Minnesota Governor's Spending Plan Cuts Taxes, Aid to Localities

CHICAGO — Minnesota Gov. Tim Pawlenty this week sent lawmakers legislation that calls for business tax cuts and eliminates a $1.2 billion budget deficit through spending cuts and increased federal Medicaid funds not yet approved by Congress.

The spending reductions included in a supplemental budget package would have widespread effects.

Local governments would see cuts of $250 million in state government aid, $347 million in health and human services programs, $47 million in higher education, and $181 million in state agencies and programs.

Local governments responded to the news with warnings that they could not afford the drop in aid without deeply cutting services or steep tax increases.

The League of Minnesota Cities said local governmental units have already seen a drop of state aid of $258 million since late 2008.

The remainder of the red ink that developed in the state's $57 billion, two-year budget due mostly to declining revenues is eliminated through the use of nearly $400 million in increased Medicaid funding, but Congress has yet to approve the aid to states.

The cuts spare K-8 grade public education funds and military-related and veterans programs.

"The historic drop in the economy has caused an historic drop in state revenues," Pawlenty said in a statement. "Government has to live within its means by setting priorities and tightening its belt just like everyone else. While this budget maintains funding for priority areas, it contains dramatic spending reductions in many programs."

The Republican governor also outlined details of the jobs creation bill he floated during his state of the state address last week.

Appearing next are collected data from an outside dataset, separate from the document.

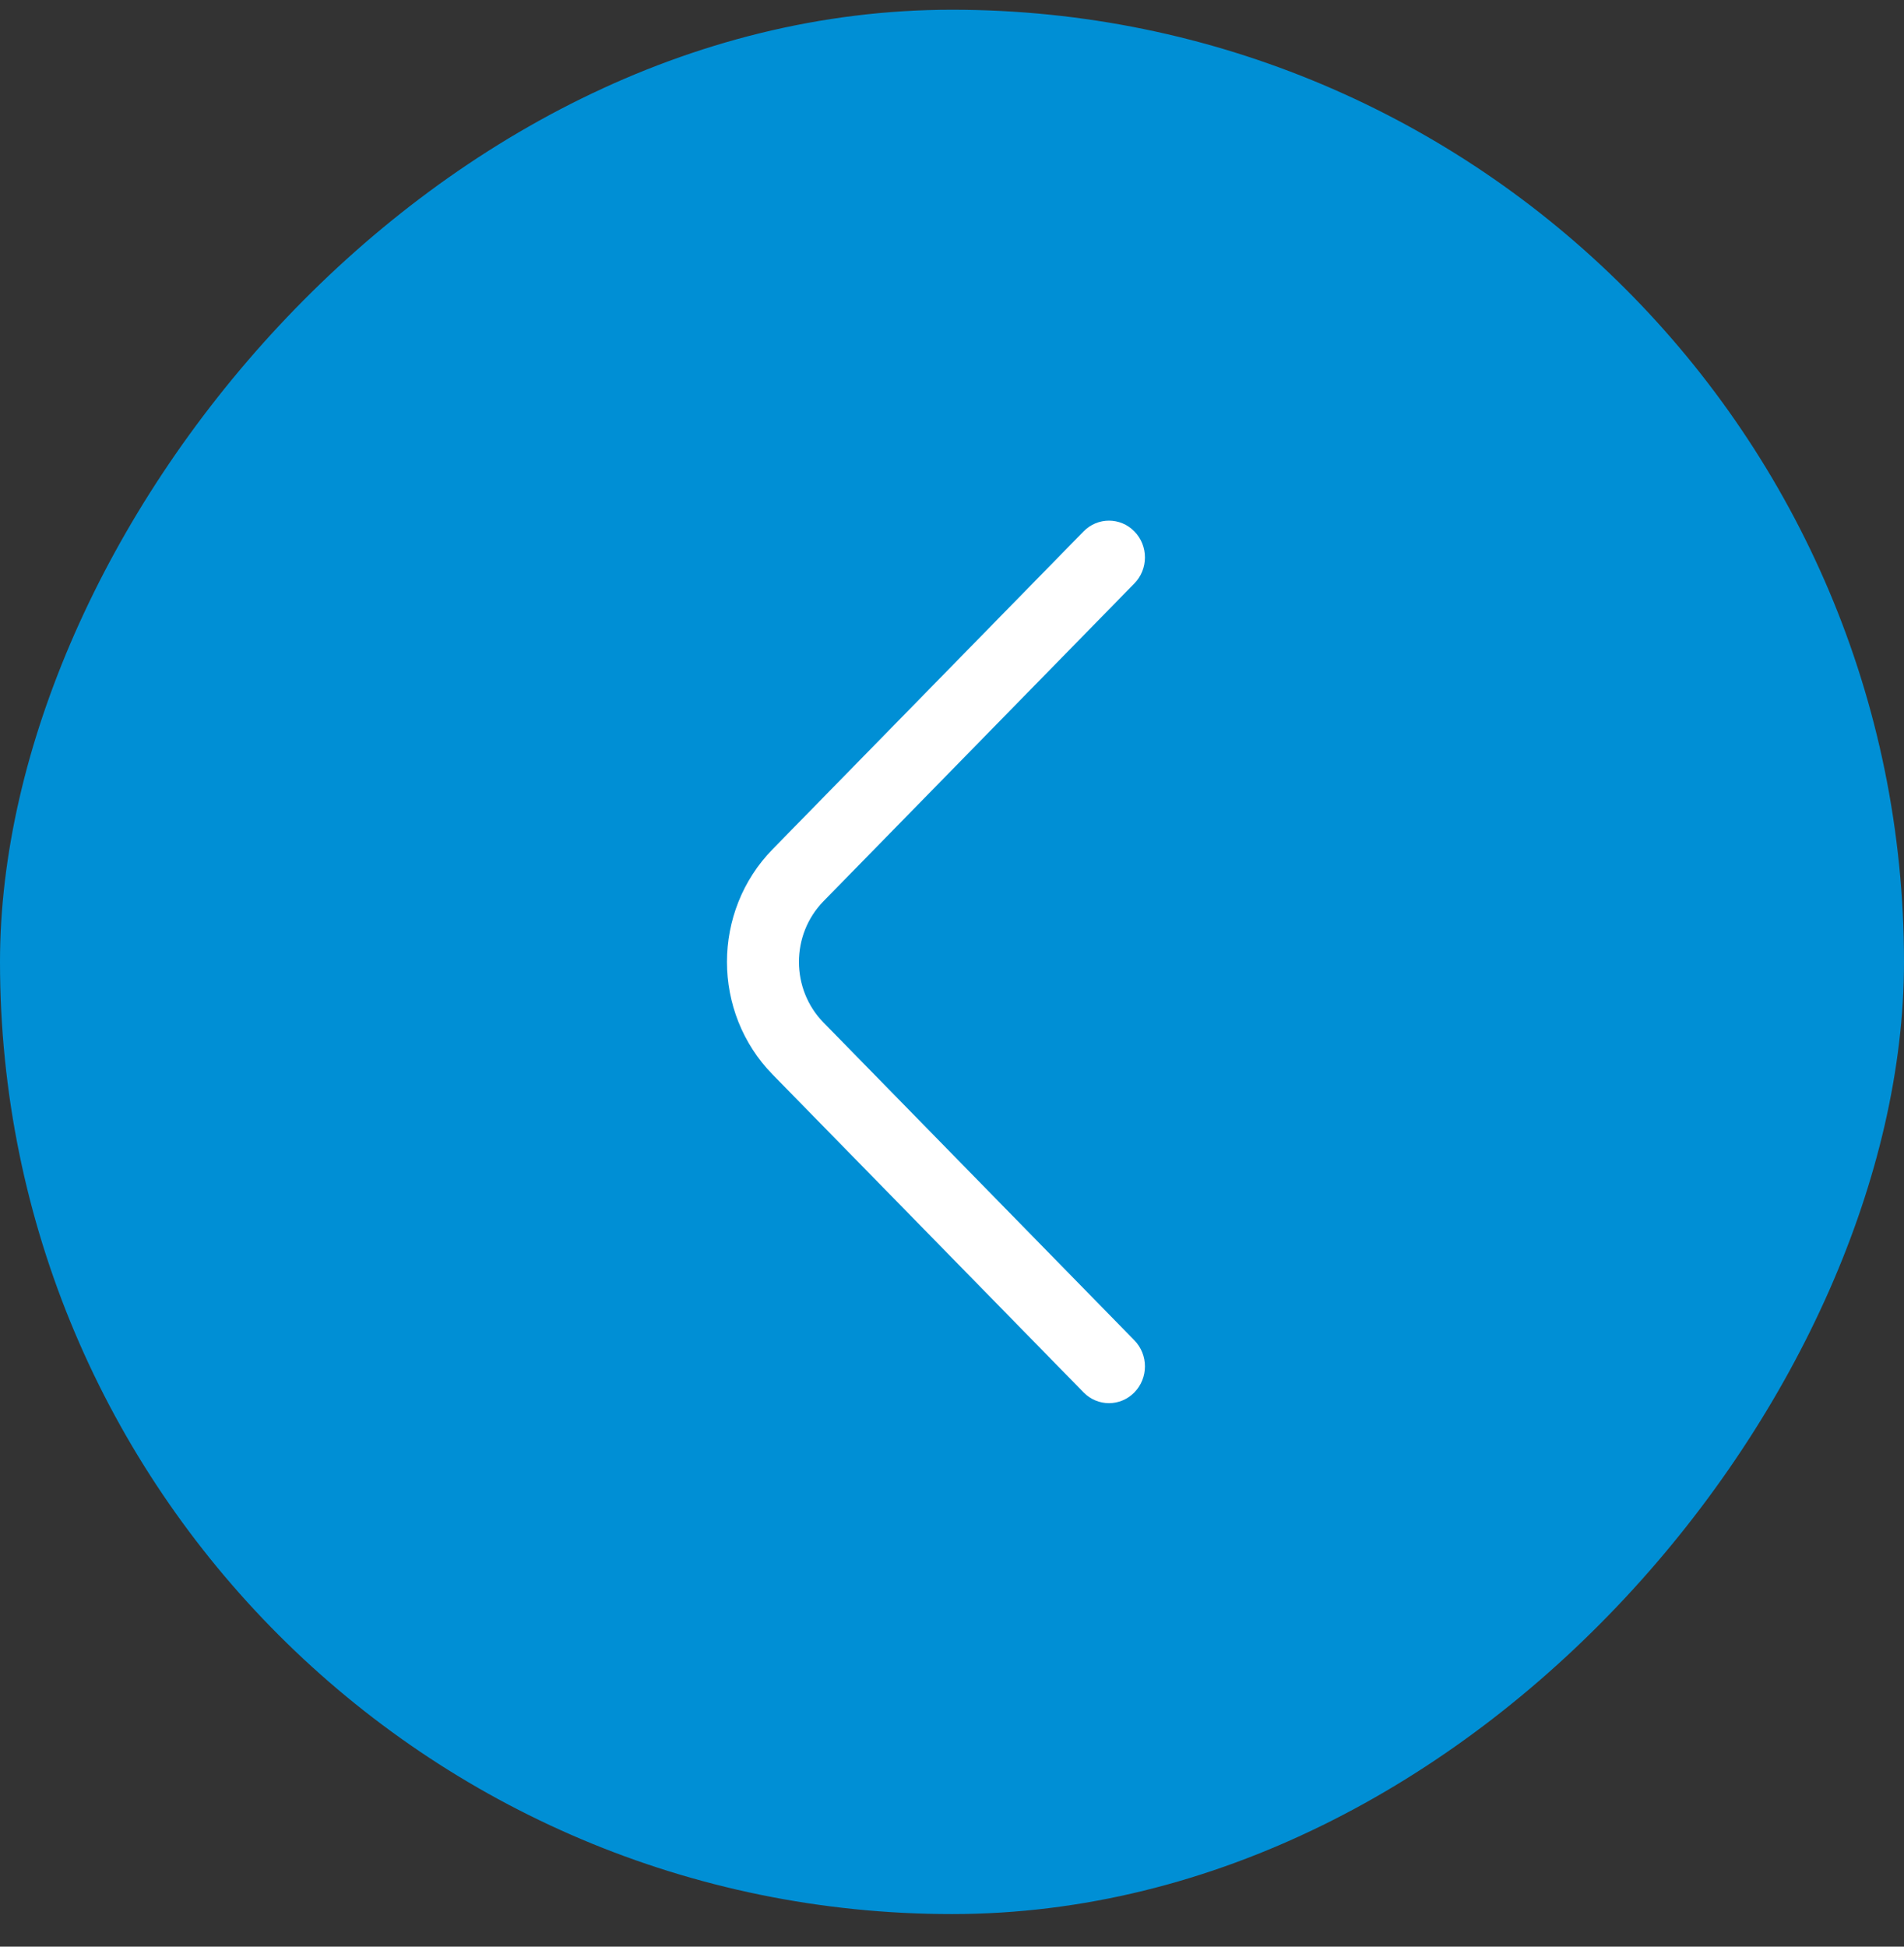 <svg width="45" height="46" viewBox="0 0 45 46" fill="none" xmlns="http://www.w3.org/2000/svg">
<rect x="0" y="0" width="45" height="46" fill="#333333" stroke="none"/>
<rect width="45" height="45" rx="22.5" transform="matrix(1 1.74846e-07 1.74846e-07 -1 0 45.23)" fill="#008FD5"/>
<path fill-rule="evenodd" clip-rule="evenodd" d="M26.811 32.902C27.143 32.563 27.143 32.013 26.811 31.673L19.463 24.163C18.689 23.372 18.689 22.088 19.463 21.296L26.811 13.786C27.143 13.447 27.143 12.897 26.811 12.558C26.479 12.218 25.941 12.218 25.609 12.558L18.261 20.067C16.822 21.538 16.822 23.922 18.261 25.392L25.609 32.902C25.941 33.242 26.479 33.242 26.811 32.902Z" fill="white"/>
</svg>
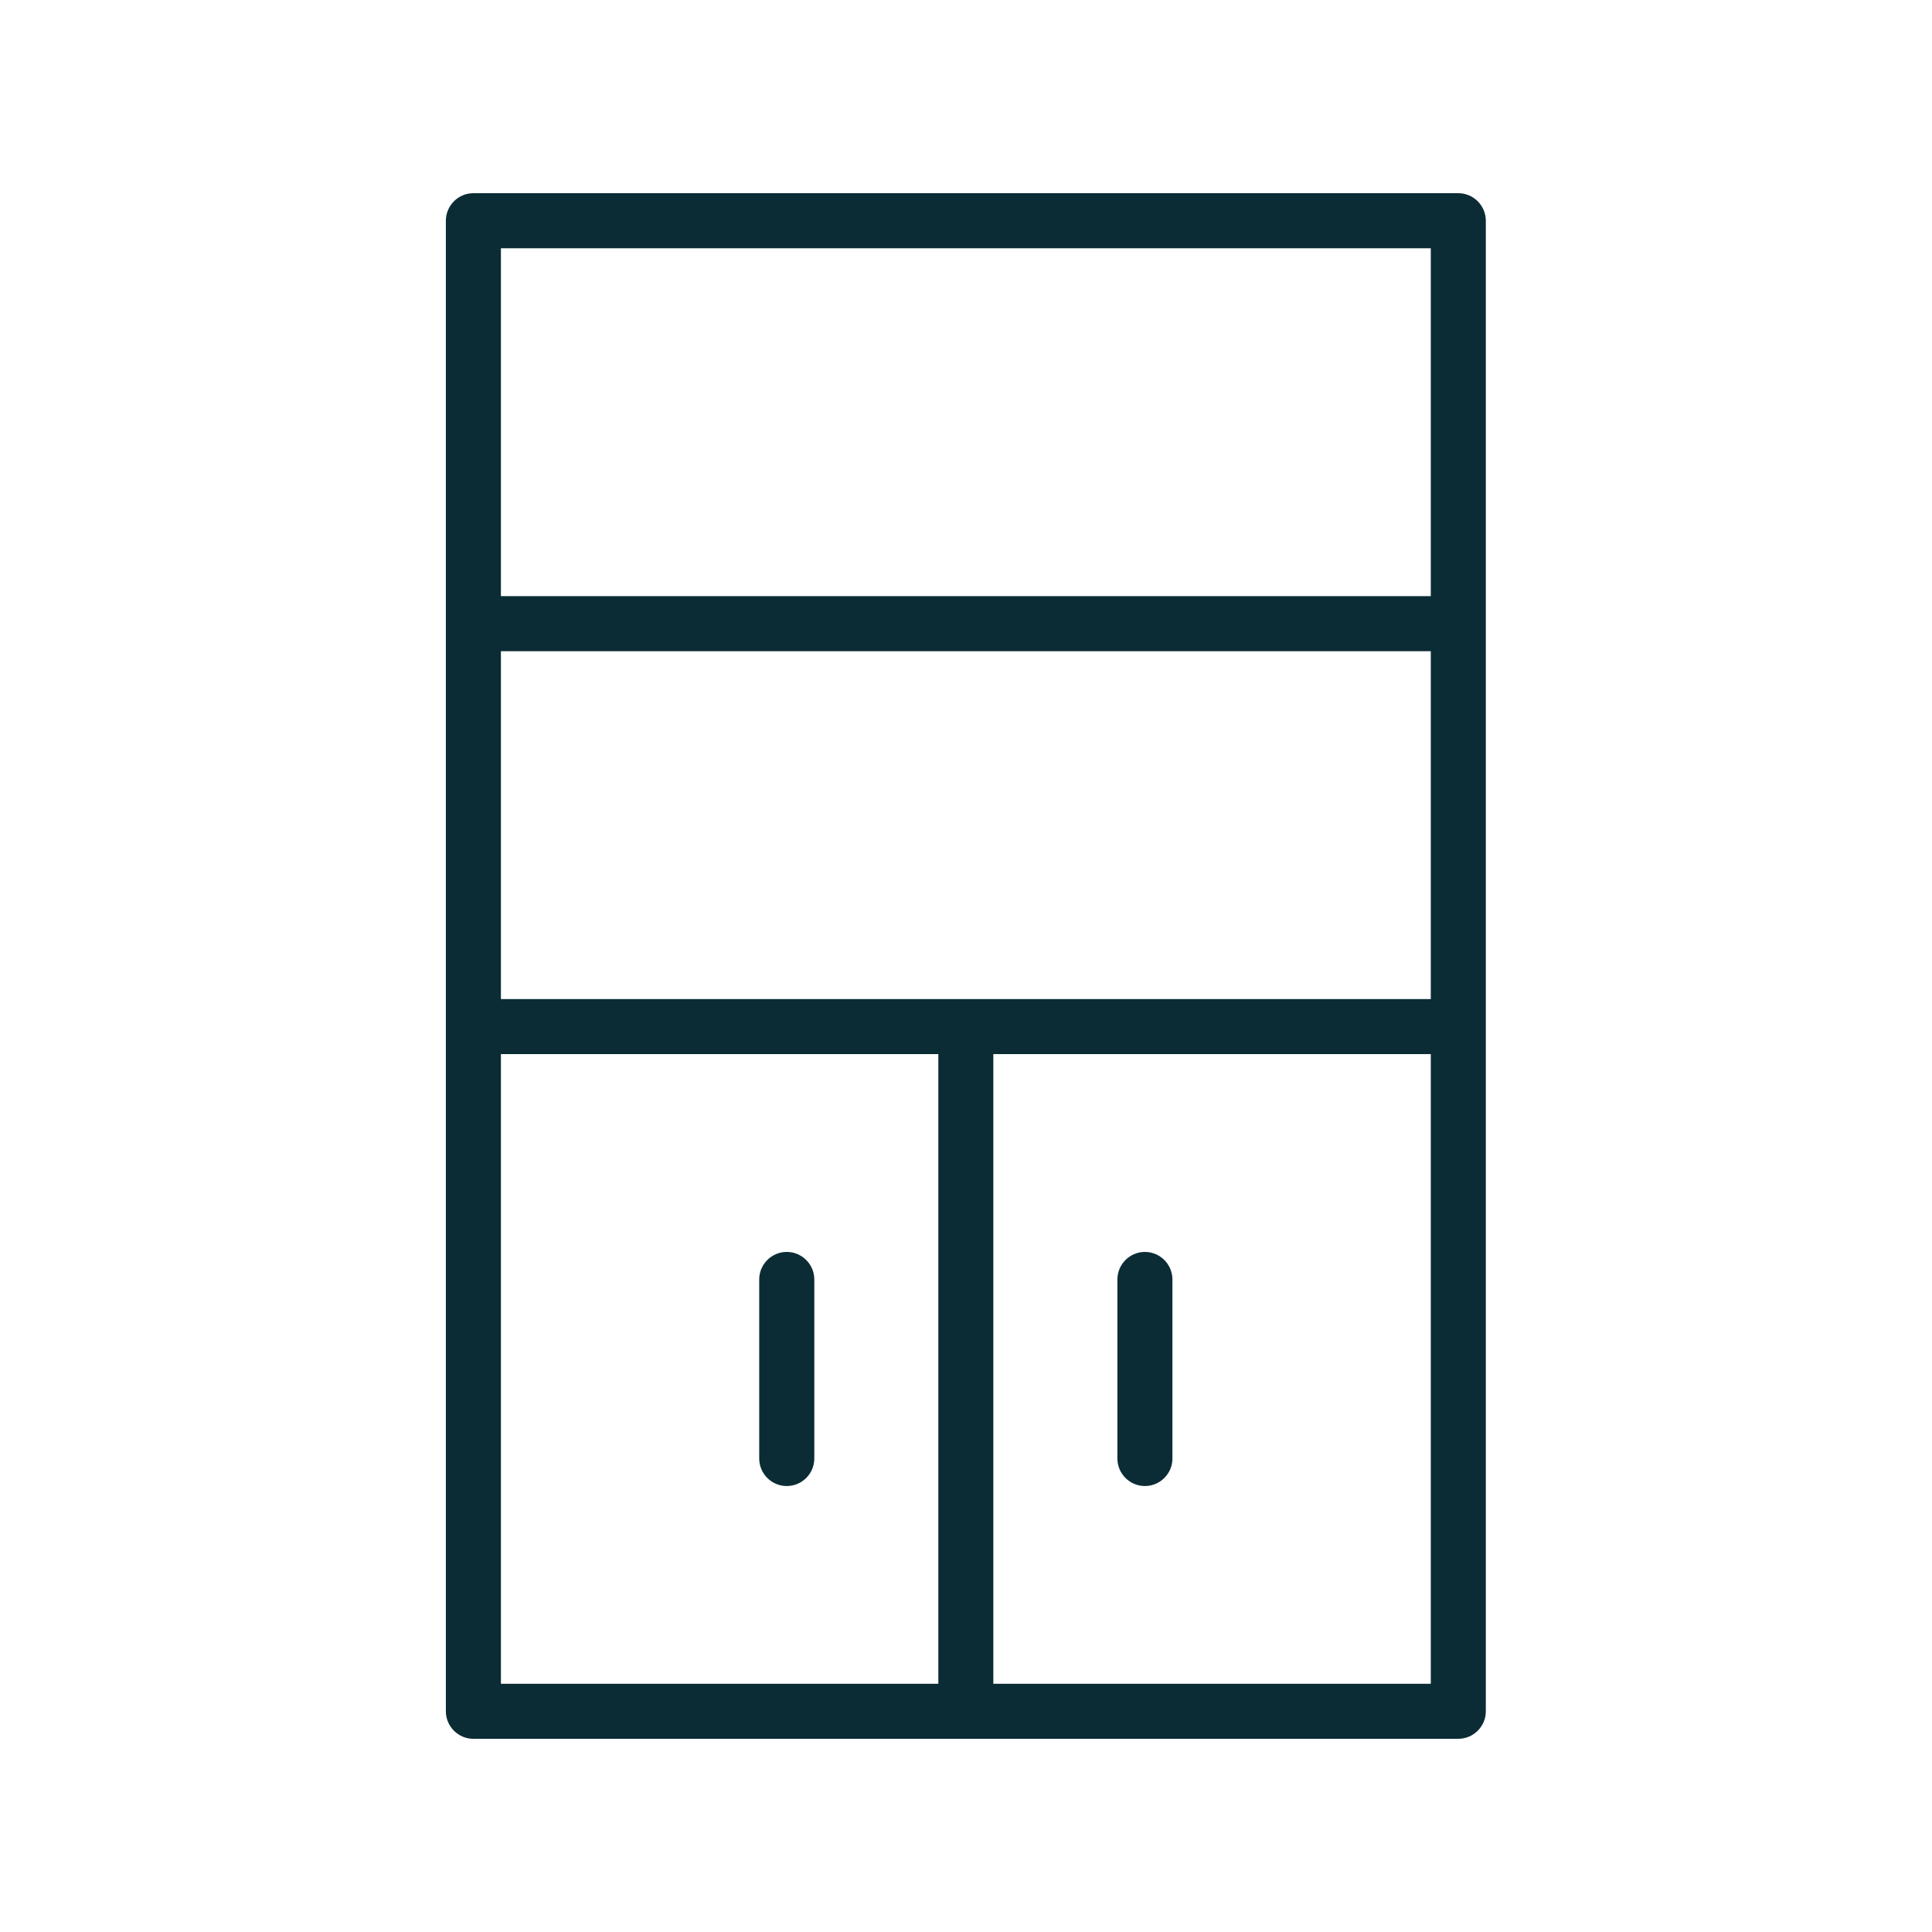 <svg xmlns="http://www.w3.org/2000/svg" xmlns:xlink="http://www.w3.org/1999/xlink" width="200" zoomAndPan="magnify" viewBox="0 0 150 150" height="200" preserveAspectRatio="xMidYMid meet"><defs><clipPath id="7cc900498c"><path d="M 34.574 15 L 115.574 15 L 115.574 135 L 34.574 135 Z M 34.574 15 "></path></clipPath></defs><g id="ce3304934c"><g clip-rule="nonzero" clip-path="url(#7cc900498c)"><path style=" stroke:none;fill-rule:nonzero;fill:#0b2c35;fill-opacity:1;" d="M 113.223 15 L 36.75 15 C 35.574 15 34.617 15.961 34.617 17.141 L 34.617 132.867 C 34.617 134.039 35.574 135 36.75 135 L 113.223 135 C 114.398 135 115.359 134.039 115.359 132.867 L 115.359 17.141 C 115.359 15.961 114.398 15 113.223 15 Z M 72.852 130.73 L 38.891 130.73 L 38.891 81.84 L 72.852 81.84 Z M 111.086 130.73 L 77.121 130.73 L 77.121 81.84 L 111.086 81.84 Z M 111.086 77.57 L 38.891 77.57 L 38.891 50.559 L 111.086 50.559 Z M 111.086 46.285 L 38.891 46.285 L 38.891 19.277 L 111.086 19.277 Z M 111.086 46.285 "></path></g><path style=" stroke:none;fill-rule:nonzero;fill:#0b2c35;fill-opacity:1;" d="M 61.082 115.375 C 62.262 115.375 63.223 114.418 63.223 113.238 L 63.223 99.34 C 63.223 98.16 62.262 97.199 61.082 97.199 C 59.906 97.199 58.945 98.16 58.945 99.34 L 58.945 113.238 C 58.945 114.418 59.906 115.375 61.082 115.375 Z M 61.082 115.375 "></path><path style=" stroke:none;fill-rule:nonzero;fill:#0b2c35;fill-opacity:1;" d="M 88.891 115.375 C 90.066 115.375 91.027 114.418 91.027 113.238 L 91.027 99.34 C 91.027 98.16 90.066 97.199 88.891 97.199 C 87.715 97.199 86.754 98.16 86.754 99.34 L 86.754 113.238 C 86.754 114.418 87.715 115.375 88.891 115.375 Z M 88.891 115.375 "></path></g></svg>

The six-part plan would reduce corporate and small business taxes by 20% and provide tax credits and other assistance for research, development and emerging businesses.

"In addition to balancing the budget without raising taxes, we need to improve our tax system if we are going to compete for jobs," Pawlenty said.

In other state news, the House late Monday passed a $1 billion capital budget, known as the biennial bonding bill.

The Senate passed a similarly sized package last week. Passage of a bill significantly higher than the governor's $685 million proposed plan and his proposed spending cuts set the stage for an acrimonious legislative session.

Democrats, who control the Legislature, prefer the bigger bonding bill as a means to create jobs, but Pawlenty believes the state can't afford it. Democrats also prefer a mix of cuts and revenue increases to balance the budget.

Minnesota's credit is under pressure because of the deficit and its reliance in the past on one-time revenues to erase red ink. Moody's Investors Service last week revised the outlook on the state's Aa1 general obligation rating to negative from stable.

The state is especially vulnerable to ongoing fiscal weakness due to its depletion of reserves and one-shot measures like bill payment delays, fund transfers, and federal stimulus funds to erase a $4.6 billion deficit going into the current budget cycle.

Minnesota carries top marks of AAA from Fitch Ratings and Standard & Poor's, though Fitch assigns a negative outlook.